Mix a pleasant camp site, thirty-plus rabbinic colleagues from across the liberal spectrum, great teachers along with a warm and supportive administrative presence, and you would expect to get a lovely . .|. conference, say, a professional net-working bonanza, or an intensive working session on a key communal project.

My six days at "camp" in January could indeed have fit that description, but would be deeply inaccurate and highly misleading at the same time.

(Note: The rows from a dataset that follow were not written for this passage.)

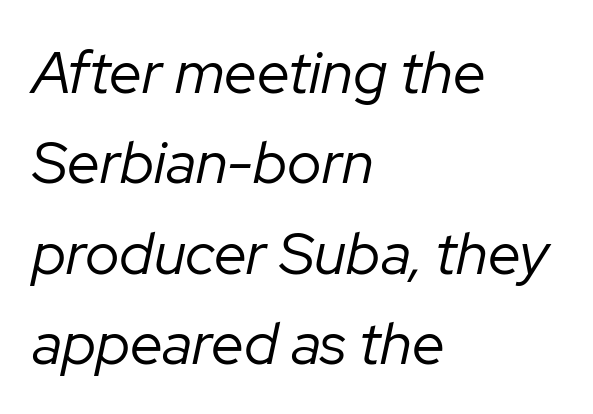
{"italic": "yes", "lean": "right", "slant_degrees": 12, "bold": "no", "weight": "regular", "width": "normal", "stroke_contrast": "low", "x_height": "medium", "monospaced": "no", "underline": "no", "align": "left", "line_spacing": "normal", "line_spacing_ratio": 1.53, "letter_spacing": "normal", "letter_spacing_em": 0.0, "glyph_px": 59}
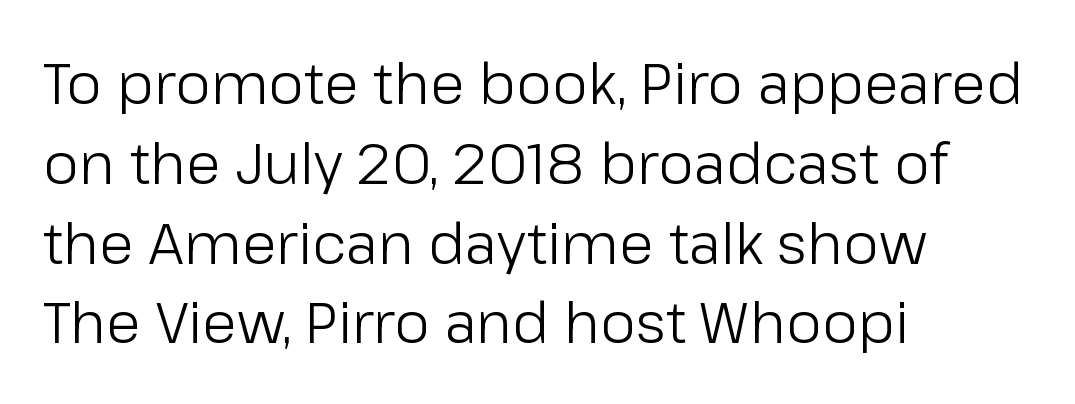
Q: Is the text bold? A: No.
Q: Is the text italic (slanted)? A: No, it is upright.
Q: Is the typeface a serif or a sans-serif typeface? A: Sans-serif.
Q: Is the text underlined? A: No.
Q: How is the paragraph aligned? A: Left-aligned.
Q: Is the spacing between letters normal or unusually wide? A: Normal.
Q: Is the spacing between lines tight, normal or loose? A: Normal.
Q: Width (condensed, normal, or wide)? A: Normal.
Q: Stroke contrast? A: Low.
Q: x-height? A: Medium.
Q: Monospaced? A: No.
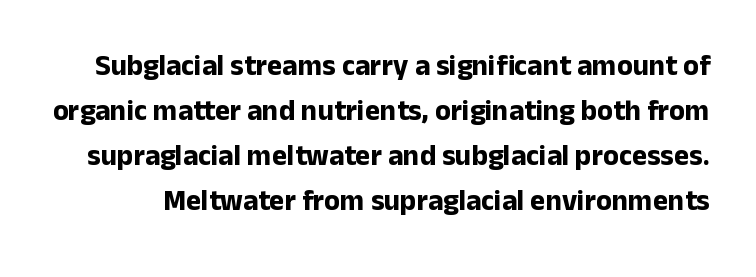
Q: Is the text bold? A: Yes.
Q: Is the text italic (slanted)? A: No, it is upright.
Q: Is the typeface a serif or a sans-serif typeface? A: Sans-serif.
Q: Is the text underlined? A: No.
Q: Is the spacing between letters normal or unusually wide? A: Normal.
Q: Is the spacing between lines tight, normal or loose? A: Normal.
Q: Width (condensed, normal, or wide)? A: Normal.
Q: Stroke contrast? A: Low.
Q: x-height? A: Medium.
Q: Monospaced? A: No.
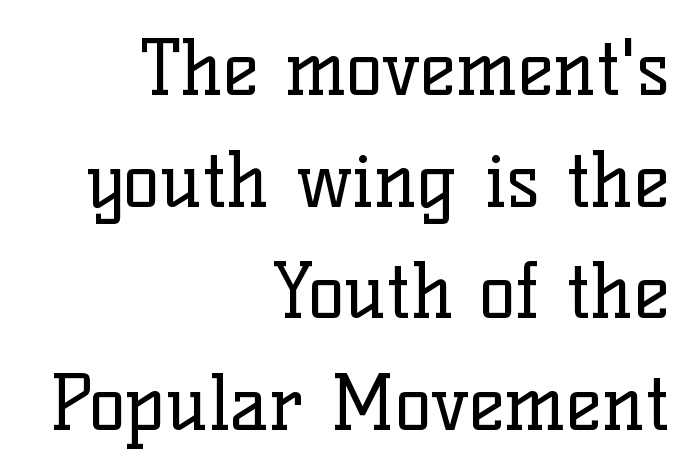
{"serif": "yes", "italic": "no", "bold": "no", "weight": "regular", "width": "normal", "stroke_contrast": "low", "x_height": "medium", "monospaced": "no", "underline": "no", "align": "right", "line_spacing": "normal", "line_spacing_ratio": 1.47, "letter_spacing": "normal", "letter_spacing_em": 0.0, "glyph_px": 76}
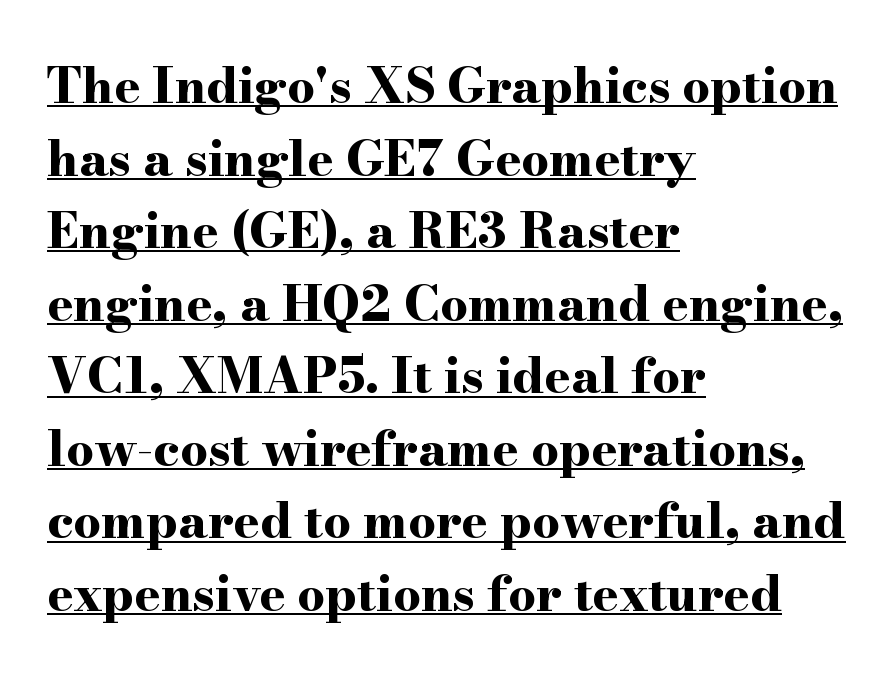
The image shows 49 px bold, wide serif type, upright; set left-aligned, normal line spacing (1.48x), normal letter spacing, underlined; high stroke contrast and a small x-height.
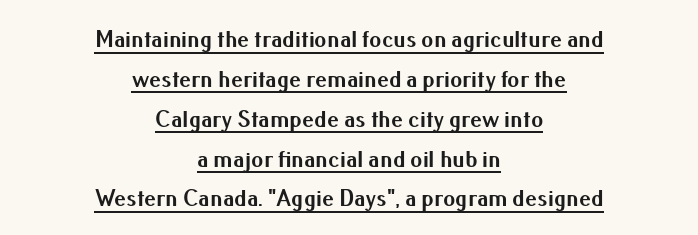
Q: Is the text bold? A: Yes.
Q: Is the text italic (slanted)? A: No, it is upright.
Q: Is the text underlined? A: Yes.
Q: How is the paragraph aligned? A: Centered.
Q: Is the spacing between letters normal or unusually wide? A: Normal.
Q: Is the spacing between lines tight, normal or loose? A: Normal.
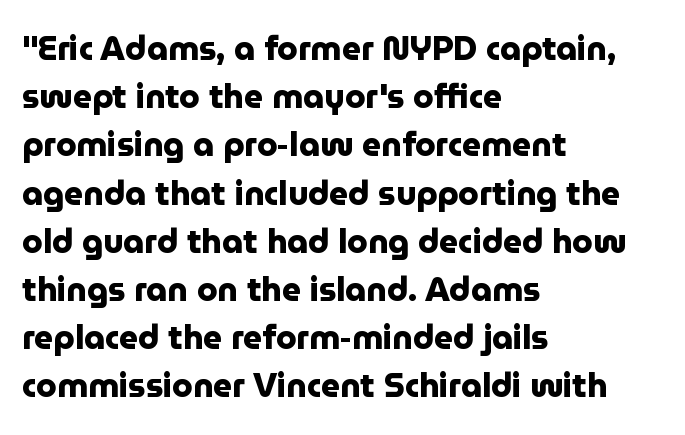
Q: Is the text bold? A: Yes.
Q: Is the text italic (slanted)? A: No, it is upright.
Q: Is the typeface a serif or a sans-serif typeface? A: Sans-serif.
Q: Is the text underlined? A: No.
Q: How is the paragraph aligned? A: Left-aligned.
Q: Is the spacing between letters normal or unusually wide? A: Normal.
Q: Is the spacing between lines tight, normal or loose? A: Normal.
Q: Width (condensed, normal, or wide)? A: Normal.
Q: Stroke contrast? A: Low.
Q: x-height? A: Medium.
Q: Monospaced? A: No.
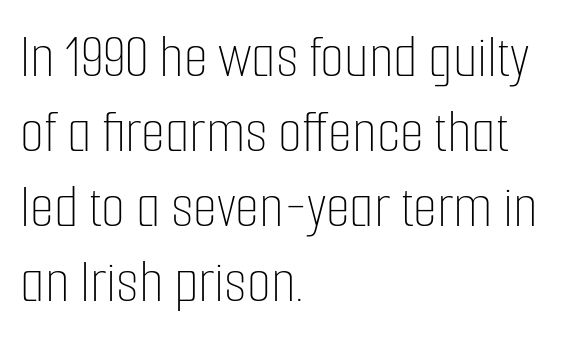
{"italic": "no", "bold": "no", "weight": "thin", "width": "condensed", "stroke_contrast": "low", "x_height": "medium", "monospaced": "no", "underline": "no", "align": "left", "line_spacing_ratio": 1.21, "letter_spacing": "normal", "letter_spacing_em": 0.0, "glyph_px": 62}
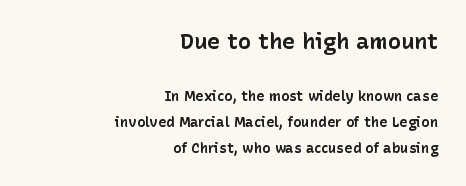
Q: Is the text bold? A: Yes.
Q: Is the text italic (slanted)? A: No, it is upright.
Q: Is the text underlined? A: No.
Q: How is the paragraph aligned? A: Right-aligned.
Q: Is the spacing between letters normal or unusually wide? A: Normal.
Q: Which block of text is set in a larger size, the first (top) or the second (bottom)? A: The first (top) one.
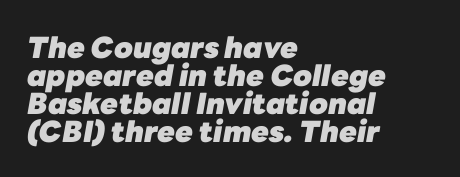
Proportional: the letters do not fall into vertical columns. The area under the type is left untouched. The rag falls on the right side of this text block. I'd describe the lettering as bold — thick and assertive. The letters are slanted; this is an italic face. Whoever set this chose condensed vertical rhythm over breathing room.

With (the larger) half of each day spent in silence, and the rest in highly structured sessions of study and reflection, the atmosphere of this Rabbinic Spirituality Institute could not have been more remote from the typical conference or meeting.

The goal - to provide working rabbis with a significant opportunity to attend to, and deepen, our spiritual practice; the method - four retreats over a two year period, time away that purposefully excludes external stimuli, including what we might think of as its benign forms such as pleasurable reading or
listening, all bridged by ongoing study with assigned hevruta/ study partners, including guidance from our masterful master teachers.

If this evokes a longing in you for some similar time away, or, at minimum, a wee opportunity to carve out some space for yourself to reflect on your spiritual journey, I'm eager to know about it. It's time for us at Beit Tikvah to take on - in addition to all that we do at services, in classes, in community activities, and in may other ways - more in-depth challenges for spiritual growth and exploration.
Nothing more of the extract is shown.